TRY IT: After reading the data below, copy out every line that contains the word "place".

##########

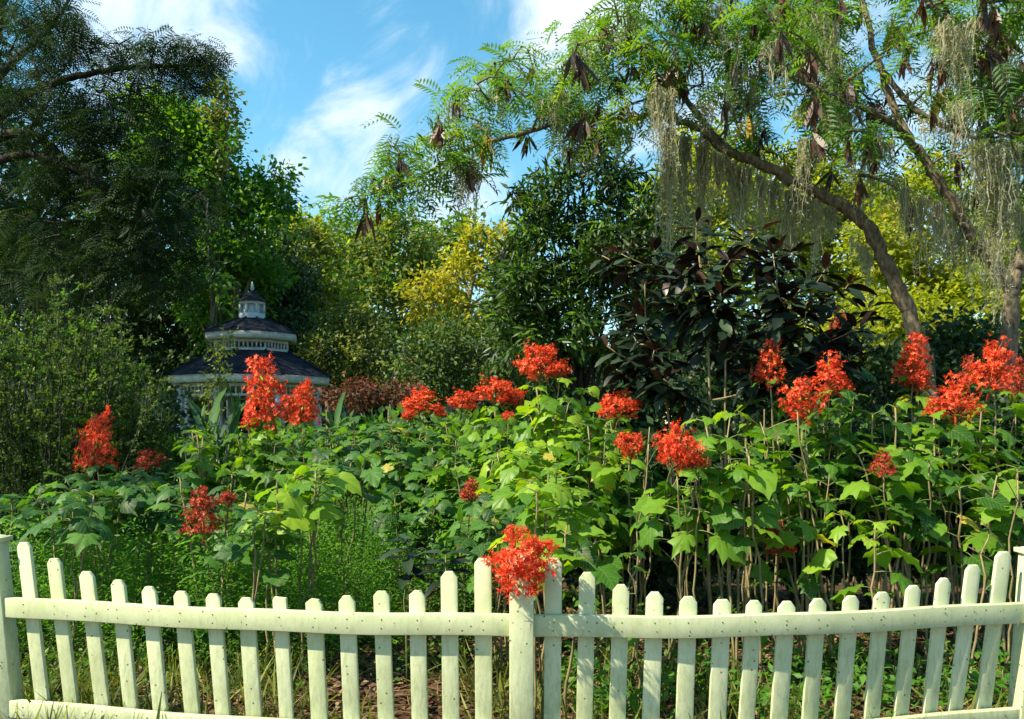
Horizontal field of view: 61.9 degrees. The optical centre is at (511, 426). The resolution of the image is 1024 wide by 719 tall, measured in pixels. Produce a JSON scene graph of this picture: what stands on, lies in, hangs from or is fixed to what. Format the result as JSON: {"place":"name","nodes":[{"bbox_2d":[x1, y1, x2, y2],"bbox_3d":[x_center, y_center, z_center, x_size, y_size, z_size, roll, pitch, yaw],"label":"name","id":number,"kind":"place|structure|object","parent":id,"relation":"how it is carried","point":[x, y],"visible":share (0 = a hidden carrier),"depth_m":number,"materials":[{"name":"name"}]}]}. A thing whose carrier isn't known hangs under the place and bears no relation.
{"place":"outdoors","nodes":[
{"label":"outdoors","id":0,"kind":"place"},
{"bbox_2d":[97,417,251,506],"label":"leafy bank","id":1,"kind":"structure","parent":0,"point":[178,458],"depth_m":10.34,"materials":[{"name":"green plant"}]},
{"bbox_2d":[212,415,341,516],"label":"leafy bank","id":2,"kind":"structure","parent":0,"point":[282,430],"depth_m":10.85,"materials":[{"name":"green plant"}]},
{"bbox_2d":[302,404,430,537],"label":"leafy bank","id":3,"kind":"structure","parent":0,"point":[393,414],"depth_m":11.41,"materials":[{"name":"green plant"}]},
{"bbox_2d":[390,402,529,504],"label":"leafy bank","id":4,"kind":"structure","parent":0,"point":[474,415],"depth_m":10.54,"materials":[{"name":"green plant"}]},
{"bbox_2d":[0,0,1023,430],"label":"sky","id":5,"kind":"structure","parent":0,"point":[311,72],"materials":[{"name":"blue"}]},
{"bbox_2d":[13,454,1013,718],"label":"ground","id":6,"kind":"structure","parent":0,"point":[783,592],"depth_m":6.02,"materials":[{"name":"brown soil"}]},
{"bbox_2d":[0,483,69,640],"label":"broad leaved plant","id":7,"kind":"object","parent":6,"relation":"on","point":[5,499],"visible":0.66,"depth_m":6.21,"materials":[{"name":"green plant"}]},
{"bbox_2d":[0,1,101,365],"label":"broadleaf tree","id":8,"kind":"object","parent":6,"relation":"on","point":[10,174],"visible":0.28,"depth_m":18.98,"materials":[{"name":"green plant"}]},
{"bbox_2d":[9,490,117,664],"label":"broad leaved plant","id":9,"kind":"object","parent":6,"relation":"on","point":[87,523],"visible":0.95,"depth_m":5.42,"materials":[{"name":"green plant"}]},
{"bbox_2d":[0,263,178,582],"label":"feathery shrub","id":10,"kind":"object","parent":6,"relation":"on","point":[22,468],"visible":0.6,"depth_m":8.87,"materials":[{"name":"green plant"}]},
{"bbox_2d":[34,405,159,601],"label":"pagoda flower plant","id":11,"kind":"object","parent":6,"relation":"on","point":[90,448],"visible":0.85,"depth_m":6.95,"materials":[{"name":"red plant"}]},
{"bbox_2d":[43,480,156,650],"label":"broad leaved plant","id":12,"kind":"object","parent":6,"relation":"on","point":[130,502],"visible":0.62,"depth_m":5.89,"materials":[{"name":"green plant"}]},
{"bbox_2d":[7,326,208,457],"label":"shrub","id":13,"kind":"object","parent":6,"relation":"on","point":[172,404],"visible":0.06,"depth_m":12.04,"materials":[{"name":"green plant"}]},
{"bbox_2d":[0,0,246,535],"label":"feathery dark tree","id":14,"kind":"object","parent":6,"relation":"on","point":[75,120],"visible":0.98,"depth_m":11.39,"materials":[{"name":"green plant"}]},
{"bbox_2d":[109,449,192,590],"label":"pagoda flower plant","id":15,"kind":"object","parent":6,"relation":"on","point":[148,464],"visible":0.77,"depth_m":7.33,"materials":[{"name":"green plant"}]},
{"bbox_2d":[111,481,204,649],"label":"broad leaved plant","id":16,"kind":"object","parent":6,"relation":"on","point":[148,515],"visible":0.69,"depth_m":6.00,"materials":[{"name":"green plant"}]},
{"bbox_2d":[0,186,332,435],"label":"dark tree","id":17,"kind":"object","parent":6,"relation":"on","point":[175,342],"visible":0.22,"depth_m":26.19,"materials":[{"name":"green plant"}]},
{"bbox_2d":[69,72,313,425],"bbox_3d":[-9.121,-4.112,23.938,7.198,11.431,4.464,0,0,0],"label":"tall tree","id":18,"kind":"object","parent":6,"relation":"on","point":[264,199],"visible":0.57,"depth_m":23.31,"materials":[{"name":"green plant"}]},
{"bbox_2d":[171,428,230,596],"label":"broad leaved plant","id":19,"kind":"object","parent":6,"relation":"on","point":[203,462],"visible":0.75,"depth_m":7.13,"materials":[{"name":"green plant"}]},
{"bbox_2d":[147,468,273,665],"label":"pagoda flower plant","id":20,"kind":"object","parent":6,"relation":"on","point":[212,517],"visible":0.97,"depth_m":5.48,"materials":[{"name":"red plant"}]},
{"bbox_2d":[183,326,243,432],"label":"shrub","id":21,"kind":"object","parent":6,"relation":"on","point":[219,383],"visible":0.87,"depth_m":13.97,"materials":[{"name":"green plant"}]},
{"bbox_2d":[181,380,265,532],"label":"canna plant","id":22,"kind":"object","parent":6,"relation":"on","point":[232,418],"visible":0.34,"depth_m":9.03,"materials":[{"name":"green plant"}]},
{"bbox_2d":[194,70,257,439],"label":"slender tree","id":23,"kind":"object","parent":6,"relation":"on","point":[218,112],"visible":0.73,"depth_m":22.98,"materials":[{"name":"green plant"}]},
{"bbox_2d":[165,282,331,482],"bbox_3d":[-6.698,-1.065,22.000,3.975,5.330,3.975,0,0,32],"label":"gazebo","id":24,"kind":"object","parent":6,"relation":"on","point":[258,332],"visible":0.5,"depth_m":21.12,"materials":[{"name":"wood"}]},
{"bbox_2d":[212,507,303,678],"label":"broad leaved plant","id":25,"kind":"object","parent":6,"relation":"on","point":[232,552],"visible":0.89,"depth_m":5.18,"materials":[{"name":"green plant"}]},
{"bbox_2d":[0,477,517,682],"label":"herb patch","id":26,"kind":"object","parent":6,"relation":"on","point":[327,546],"visible":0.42,"depth_m":6.06,"materials":[{"name":"green plant"}]},
{"bbox_2d":[216,352,316,585],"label":"pagoda flower plant","id":27,"kind":"object","parent":6,"relation":"on","point":[274,454],"visible":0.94,"depth_m":7.92,"materials":[{"name":"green plant"}]},
{"bbox_2d":[241,464,361,673],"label":"broad leaved plant","id":28,"kind":"object","parent":6,"relation":"on","point":[292,497],"visible":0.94,"depth_m":5.34,"materials":[{"name":"green plant"}]},
{"bbox_2d":[274,377,353,574],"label":"pagoda flower plant","id":29,"kind":"object","parent":6,"relation":"on","point":[302,402],"visible":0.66,"depth_m":8.78,"materials":[{"name":"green plant"}]},
{"bbox_2d":[256,203,383,433],"bbox_3d":[-7.147,-3.182,29.729,5.009,9.599,6.080,0,0,16],"label":"broadleaf tree","id":30,"kind":"object","parent":6,"relation":"on","point":[321,244],"visible":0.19,"depth_m":29.40,"materials":[{"name":"green plant"}]},
{"bbox_2d":[258,192,407,431],"bbox_3d":[-8.092,-4.424,38.156,7.708,12.084,4.982,0,0,0],"label":"broadleaf tree","id":31,"kind":"object","parent":6,"relation":"on","point":[343,242],"visible":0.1,"depth_m":37.06,"materials":[{"name":"green plant"}]},
{"bbox_2d":[287,448,392,640],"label":"broad leaved plant","id":32,"kind":"object","parent":6,"relation":"on","point":[373,476],"visible":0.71,"depth_m":6.23,"materials":[{"name":"green plant"}]},
{"bbox_2d":[292,294,406,420],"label":"shrub","id":33,"kind":"object","parent":6,"relation":"on","point":[325,350],"visible":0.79,"depth_m":23.64,"materials":[{"name":"green plant"}]},
{"bbox_2d":[331,415,405,552],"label":"broad leaved plant","id":34,"kind":"object","parent":6,"relation":"on","point":[358,435],"visible":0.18,"depth_m":9.23,"materials":[{"name":"green plant"}]},
{"bbox_2d":[310,369,437,416],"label":"reddish shrub","id":35,"kind":"object","parent":6,"relation":"on","point":[356,395],"visible":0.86,"depth_m":18.82,"materials":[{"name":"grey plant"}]},
{"bbox_2d":[324,199,454,422],"bbox_3d":[-5.067,-3.977,36.039,5.902,11.167,5.064,0,0,-18],"label":"broadleaf tree","id":36,"kind":"object","parent":6,"relation":"on","point":[388,235],"visible":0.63,"depth_m":35.30,"materials":[{"name":"green plant"}]},
{"bbox_2d":[359,423,440,583],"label":"broad leaved plant","id":37,"kind":"object","parent":6,"relation":"on","point":[374,445],"visible":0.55,"depth_m":8.60,"materials":[{"name":"green plant"}]},
{"bbox_2d":[374,534,440,688],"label":"maroon leaved plant","id":38,"kind":"object","parent":6,"relation":"on","point":[409,567],"visible":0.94,"depth_m":5.18,"materials":[{"name":"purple plant"}]},
{"bbox_2d":[368,482,455,612],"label":"broad leaved plant","id":39,"kind":"object","parent":6,"relation":"on","point":[445,506],"visible":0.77,"depth_m":6.86,"materials":[{"name":"green plant"}]},
{"bbox_2d":[378,449,460,600],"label":"broad leaved plant","id":40,"kind":"object","parent":6,"relation":"on","point":[393,467],"visible":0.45,"depth_m":7.57,"materials":[{"name":"green plant"}]},
{"bbox_2d":[389,385,459,567],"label":"pagoda flower plant","id":41,"kind":"object","parent":6,"relation":"on","point":[420,404],"visible":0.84,"depth_m":9.50,"materials":[{"name":"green plant"}]},
{"bbox_2d":[392,199,502,416],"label":"broadleaf tree","id":42,"kind":"object","parent":6,"relation":"on","point":[448,224],"visible":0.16,"depth_m":39.29,"materials":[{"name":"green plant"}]},
{"bbox_2d":[398,435,496,610],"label":"broad leaved plant","id":43,"kind":"object","parent":6,"relation":"on","point":[439,482],"visible":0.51,"depth_m":7.28,"materials":[{"name":"green plant"}]},
{"bbox_2d":[420,387,493,584],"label":"pagoda flower plant","id":44,"kind":"object","parent":6,"relation":"on","point":[462,400],"visible":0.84,"depth_m":8.56,"materials":[{"name":"green plant"}]},
{"bbox_2d":[376,295,553,421],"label":"broadleaf tree","id":45,"kind":"object","parent":6,"relation":"on","point":[429,368],"visible":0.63,"depth_m":19.65,"materials":[{"name":"green plant"}]},
{"bbox_2d":[420,455,515,640],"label":"pagoda flower plant","id":46,"kind":"object","parent":6,"relation":"on","point":[468,508],"visible":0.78,"depth_m":5.95,"materials":[{"name":"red plant"}]},
{"bbox_2d":[391,214,550,392],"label":"golden tree","id":47,"kind":"object","parent":6,"relation":"on","point":[466,307],"visible":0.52,"depth_m":25.73,"materials":[{"name":"yellow plant"}]},
{"bbox_2d":[467,373,537,603],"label":"pagoda flower plant","id":48,"kind":"object","parent":6,"relation":"on","point":[511,422],"visible":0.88,"depth_m":7.72,"materials":[{"name":"green plant"}]},
{"bbox_2d":[461,508,543,669],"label":"broad leaved plant","id":49,"kind":"object","parent":6,"relation":"on","point":[481,523],"visible":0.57,"depth_m":5.46,"materials":[{"name":"green plant"}]},
{"bbox_2d":[0,630,1012,718],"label":"grass","id":50,"kind":"structure","parent":6,"relation":"on","point":[499,694],"depth_m":4.84,"materials":[{"name":"green plant"}]},
{"bbox_2d":[2,298,1020,446],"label":"woodland","id":51,"kind":"object","parent":6,"relation":"on","point":[640,421],"visible":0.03,"depth_m":57.15,"materials":[{"name":"green plant"}]},
{"bbox_2d":[0,534,1023,718],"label":"picket fence","id":52,"kind":"object","parent":6,"relation":"on","point":[521,624],"visible":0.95,"depth_m":4.01,"materials":[{"name":"white paint"}]},
{"bbox_2d":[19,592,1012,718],"bbox_3d":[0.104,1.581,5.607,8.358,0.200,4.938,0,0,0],"label":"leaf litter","id":53,"kind":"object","parent":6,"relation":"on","point":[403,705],"visible":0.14,"depth_m":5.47,"materials":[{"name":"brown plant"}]},
{"bbox_2d":[19,564,1012,713],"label":"weeds","id":54,"kind":"object","parent":6,"relation":"on","point":[571,678],"visible":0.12,"depth_m":5.41,"materials":[{"name":"green plant"}]},
{"bbox_2d":[473,438,560,640],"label":"broad leaved plant","id":55,"kind":"object","parent":6,"relation":"on","point":[518,464],"visible":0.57,"depth_m":6.22,"materials":[{"name":"green plant"}]},
{"bbox_2d":[487,463,601,678],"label":"broad leaved plant","id":56,"kind":"object","parent":6,"relation":"on","point":[562,497],"visible":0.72,"depth_m":4.84,"materials":[{"name":"green plant"}]},
{"bbox_2d":[480,484,623,718],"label":"pagoda flower plant","id":57,"kind":"object","parent":6,"relation":"on","point":[546,548],"visible":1,"depth_m":4.22,"materials":[{"name":"red plant"}]},
{"bbox_2d":[510,338,620,613],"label":"pagoda flower plant","id":58,"kind":"object","parent":6,"relation":"on","point":[546,407],"visible":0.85,"depth_m":6.84,"materials":[{"name":"green plant"}]},
{"bbox_2d":[547,487,622,657],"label":"broad leaved plant","id":59,"kind":"object","parent":6,"relation":"on","point":[613,560],"visible":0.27,"depth_m":5.72,"materials":[{"name":"green plant"}]},
{"bbox_2d":[471,140,708,495],"bbox_3d":[1.102,-1.143,10.891,3.292,5.508,2.189,0,0,0],"label":"narrow leaved tree","id":60,"kind":"object","parent":6,"relation":"on","point":[564,285],"visible":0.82,"depth_m":10.75,"materials":[{"name":"green plant"}]},
{"bbox_2d":[549,388,670,645],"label":"pagoda flower plant","id":61,"kind":"object","parent":6,"relation":"on","point":[614,486],"visible":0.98,"depth_m":6.10,"materials":[{"name":"green plant"}]},
{"bbox_2d":[304,0,940,581],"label":"mimosa tree","id":62,"kind":"object","parent":6,"relation":"on","point":[674,72],"visible":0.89,"depth_m":8.35,"materials":[{"name":"green plant"}]},
{"bbox_2d":[644,81,684,192],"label":"spanish moss","id":63,"kind":"object","parent":62,"relation":"hanging from","point":[654,101],"visible":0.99,"depth_m":7.91,"materials":[{"name":"plant"}]},
{"bbox_2d":[652,126,712,271],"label":"spanish moss","id":64,"kind":"object","parent":62,"relation":"hanging from","point":[684,152],"visible":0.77,"depth_m":8.85,"materials":[{"name":"plant"}]},
{"bbox_2d":[693,143,753,267],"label":"spanish moss","id":65,"kind":"object","parent":62,"relation":"hanging from","point":[731,168],"visible":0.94,"depth_m":8.81,"materials":[{"name":"plant"}]},
{"bbox_2d":[738,164,801,279],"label":"spanish moss","id":66,"kind":"object","parent":62,"relation":"hanging from","point":[774,193],"visible":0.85,"depth_m":8.82,"materials":[{"name":"plant"}]},
{"bbox_2d":[781,186,846,289],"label":"spanish moss","id":67,"kind":"object","parent":62,"relation":"hanging from","point":[814,219],"visible":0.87,"depth_m":8.86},
{"bbox_2d":[791,0,847,128],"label":"spanish moss","id":68,"kind":"object","parent":62,"relation":"hanging from","point":[825,31],"visible":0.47,"depth_m":7.70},
{"bbox_2d":[562,415,713,607],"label":"undergrowth bush","id":69,"kind":"object","parent":6,"relation":"on","point":[665,586],"visible":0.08,"depth_m":7.49,"materials":[{"name":"green plant"}]},
{"bbox_2d":[630,411,777,691],"bbox_3d":[1.216,0.759,5.206,0.984,1.724,0.758,0,0,0],"label":"pagoda flower plant","id":70,"kind":"object","parent":6,"relation":"on","point":[721,542],"visible":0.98,"depth_m":5.08,"materials":[{"name":"green plant"}]},
{"bbox_2d":[624,117,791,486],"bbox_3d":[4.127,-2.641,19.081,3.861,8.534,3.961,0,0,0],"label":"sunlit tree","id":71,"kind":"object","parent":6,"relation":"on","point":[720,221],"visible":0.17,"depth_m":18.42,"materials":[{"name":"green plant"}]},
{"bbox_2d":[627,407,789,608],"bbox_3d":[1.775,0.718,7.516,1.728,1.785,1.308,0,0,-22],"label":"undergrowth bush","id":72,"kind":"object","parent":6,"relation":"on","point":[668,567],"visible":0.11,"depth_m":7.30,"materials":[{"name":"green plant"}]},
{"bbox_2d":[670,416,782,687],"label":"broad leaved plant","id":73,"kind":"object","parent":6,"relation":"on","point":[762,519],"visible":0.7,"depth_m":5.10,"materials":[{"name":"green plant"}]},
{"bbox_2d":[581,207,895,614],"bbox_3d":[1.692,-0.009,6.402,2.390,3.224,1.053,0,0,0],"label":"maroon leaved shrub","id":74,"kind":"object","parent":6,"relation":"on","point":[715,324],"visible":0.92,"depth_m":6.35,"materials":[{"name":"purple plant"}]},
{"bbox_2d":[713,448,792,689],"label":"broad leaved plant","id":75,"kind":"object","parent":6,"relation":"on","point":[763,480],"visible":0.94,"depth_m":4.95,"materials":[{"name":"green plant"}]},
{"bbox_2d":[722,338,816,612],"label":"pagoda flower plant","id":76,"kind":"object","parent":6,"relation":"on","point":[777,431],"visible":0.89,"depth_m":6.12,"materials":[{"name":"green plant"}]},
{"bbox_2d":[742,489,798,639],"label":"pagoda flower plant","id":77,"kind":"object","parent":6,"relation":"on","point":[766,575],"visible":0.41,"depth_m":5.51,"materials":[{"name":"green plant"}]},
{"bbox_2d":[615,294,926,432],"bbox_3d":[2.656,0.115,8.976,3.242,3.001,1.650,0,0,0],"label":"shrub","id":78,"kind":"object","parent":6,"relation":"on","point":[861,384],"visible":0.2,"depth_m":8.79,"materials":[{"name":"green plant"}]},
{"bbox_2d":[562,632,1010,718],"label":"young sprouts","id":79,"kind":"object","parent":6,"relation":"on","point":[858,684],"visible":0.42,"depth_m":4.80,"materials":[{"name":"green plant"}]},
{"bbox_2d":[701,397,893,602],"bbox_3d":[2.373,0.665,7.307,1.641,1.887,1.291,0,0,0],"label":"undergrowth bush","id":80,"kind":"object","parent":6,"relation":"on","point":[796,451],"visible":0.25,"depth_m":7.07,"materials":[{"name":"green plant"}]},
{"bbox_2d":[722,125,897,423],"bbox_3d":[6.839,-2.720,19.824,5.014,8.705,3.746,0,0,0],"label":"sunlit tree","id":81,"kind":"object","parent":6,"relation":"on","point":[805,253],"visible":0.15,"depth_m":19.40,"materials":[{"name":"green plant"}]},
{"bbox_2d":[765,460,871,611],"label":"broad leaved plant","id":82,"kind":"object","parent":6,"relation":"on","point":[810,587],"visible":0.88,"depth_m":5.20,"materials":[{"name":"green plant"}]},
{"bbox_2d":[762,350,880,676],"bbox_3d":[1.992,0.550,5.664,0.842,2.143,0.598,0,0,-37],"label":"pagoda flower plant","id":83,"kind":"object","parent":6,"relation":"on","point":[816,445],"visible":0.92,"depth_m":5.63,"materials":[{"name":"green plant"}]},
{"bbox_2d":[797,510,922,609],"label":"broad leaved plant","id":84,"kind":"object","parent":6,"relation":"on","point":[823,559],"visible":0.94,"depth_m":4.93,"materials":[{"name":"green plant"}]},
{"bbox_2d":[750,277,980,454],"bbox_3d":[5.715,-0.458,14.033,4.073,4.166,2.356,0,0,0],"label":"sunlit tree","id":85,"kind":"object","parent":6,"relation":"on","point":[888,311],"visible":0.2,"depth_m":13.61,"materials":[{"name":"yellow plant"}]},
{"bbox_2d":[711,0,1023,466],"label":"mimosa tree","id":86,"kind":"object","parent":6,"relation":"on","point":[997,24],"visible":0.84,"depth_m":7.70,"materials":[{"name":"green plant"}]},
{"bbox_2d":[892,183,956,278],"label":"spanish moss","id":87,"kind":"object","parent":86,"relation":"hanging from","point":[939,213],"visible":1,"depth_m":7.73,"materials":[{"name":"plant"}]},
{"bbox_2d":[924,14,979,99],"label":"spanish moss","id":88,"kind":"object","parent":86,"relation":"hanging from","point":[944,34],"visible":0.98,"depth_m":7.04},
{"bbox_2d":[931,216,986,284],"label":"spanish moss","id":89,"kind":"object","parent":86,"relation":"hanging from","point":[954,244],"visible":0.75,"depth_m":8.29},
{"bbox_2d":[960,137,1023,327],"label":"spanish moss","id":90,"kind":"object","parent":86,"relation":"hanging from","point":[998,234],"visible":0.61,"depth_m":7.33,"materials":[{"name":"plant"}]},
{"bbox_2d":[977,144,1018,230],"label":"spanish moss","id":91,"kind":"object","parent":86,"relation":"hanging from","point":[994,152],"visible":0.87,"depth_m":7.12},
{"bbox_2d":[794,406,967,608],"bbox_3d":[3.120,0.703,7.303,1.603,1.814,1.329,0,0,0],"label":"undergrowth bush","id":92,"kind":"object","parent":6,"relation":"on","point":[857,563],"visible":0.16,"depth_m":7.08,"materials":[{"name":"green plant"}]},
{"bbox_2d":[818,401,943,592],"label":"broad leaved plant","id":93,"kind":"object","parent":6,"relation":"on","point":[904,428],"visible":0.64,"depth_m":5.79,"materials":[{"name":"green plant"}]},
{"bbox_2d":[836,439,938,672],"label":"pagoda flower plant","id":94,"kind":"object","parent":6,"relation":"on","point":[894,487],"visible":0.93,"depth_m":5.45,"materials":[{"name":"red plant"}]},
{"bbox_2d":[859,445,963,670],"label":"broad leaved plant","id":95,"kind":"object","parent":6,"relation":"on","point":[933,526],"visible":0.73,"depth_m":5.47,"materials":[{"name":"green plant"}]},
{"bbox_2d":[872,332,954,605],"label":"pagoda flower plant","id":96,"kind":"object","parent":6,"relation":"on","point":[918,376],"visible":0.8,"depth_m":6.56,"materials":[{"name":"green plant"}]},
{"bbox_2d":[831,136,1023,383],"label":"sunlit tree","id":97,"kind":"object","parent":6,"relation":"on","point":[902,256],"visible":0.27,"depth_m":16.65,"materials":[{"name":"yellow plant"}]},
{"bbox_2d":[866,296,1023,572],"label":"shrub","id":98,"kind":"object","parent":6,"relation":"on","point":[952,353],"visible":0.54,"depth_m":9.11,"materials":[{"name":"green plant"}]},
{"bbox_2d":[877,397,1023,604],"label":"undergrowth bush","id":99,"kind":"object","parent":6,"relation":"on","point":[940,513],"visible":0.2,"depth_m":6.93,"materials":[{"name":"green plant"}]},
{"bbox_2d":[905,474,1009,640],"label":"broad leaved plant","id":100,"kind":"object","parent":6,"relation":"on","point":[999,501],"visible":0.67,"depth_m":5.39,"materials":[{"name":"green plant"}]},
{"bbox_2d":[896,370,1020,655],"bbox_3d":[3.062,0.609,5.987,0.798,2.026,0.702,0,0,-37],"label":"pagoda flower plant","id":101,"kind":"object","parent":6,"relation":"on","point":[963,436],"visible":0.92,"depth_m":5.96,"materials":[{"name":"red plant"}]},
{"bbox_2d":[939,464,1023,672],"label":"broad leaved plant","id":102,"kind":"object","parent":6,"relation":"on","point":[1000,526],"visible":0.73,"depth_m":5.39,"materials":[{"name":"green plant"}]},
{"bbox_2d":[940,332,1023,640],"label":"pagoda flower plant","id":103,"kind":"object","parent":6,"relation":"on","point":[977,375],"visible":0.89,"depth_m":6.33,"materials":[{"name":"red plant"}]},
{"bbox_2d":[944,186,1023,400],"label":"sunlit tree","id":104,"kind":"object","parent":6,"relation":"on","point":[988,295],"visible":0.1,"depth_m":15.03,"materials":[{"name":"green plant"}]},
{"bbox_2d":[948,384,1023,556],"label":"undergrowth bush","id":105,"kind":"object","parent":6,"relation":"on","point":[1002,404],"visible":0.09,"depth_m":6.98,"materials":[{"name":"green plant"}]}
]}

##########

SOLUTION TO THIS TASK:
Horizontal field of view: 61.9 degrees. The optical centre is at (511, 426). The resolution of the image is 1024 wide by 719 tall, measured in pixels. Produce a JSON scene graph of this picture: what stands on, lies in, hangs from or is fixed to what. Format the result as JSON: {"place":"name","nodes":[{"bbox_2d":[x1, y1, x2, y2],"bbox_3d":[x_center, y_center, z_center, x_size, y_size, z_size, roll, pitch, yaw],"label":"name","id":number,"kind":"place|structure|object","parent":id,"relation":"how it is carried","point":[x, y],"visible":share (0 = a hidden carrier),"depth_m":number,"materials":[{"name":"name"}]}]}. A thing whose carrier isn't known hangs under the place and bears no relation.
{"place":"outdoors","nodes":[
{"label":"outdoors","id":0,"kind":"place"},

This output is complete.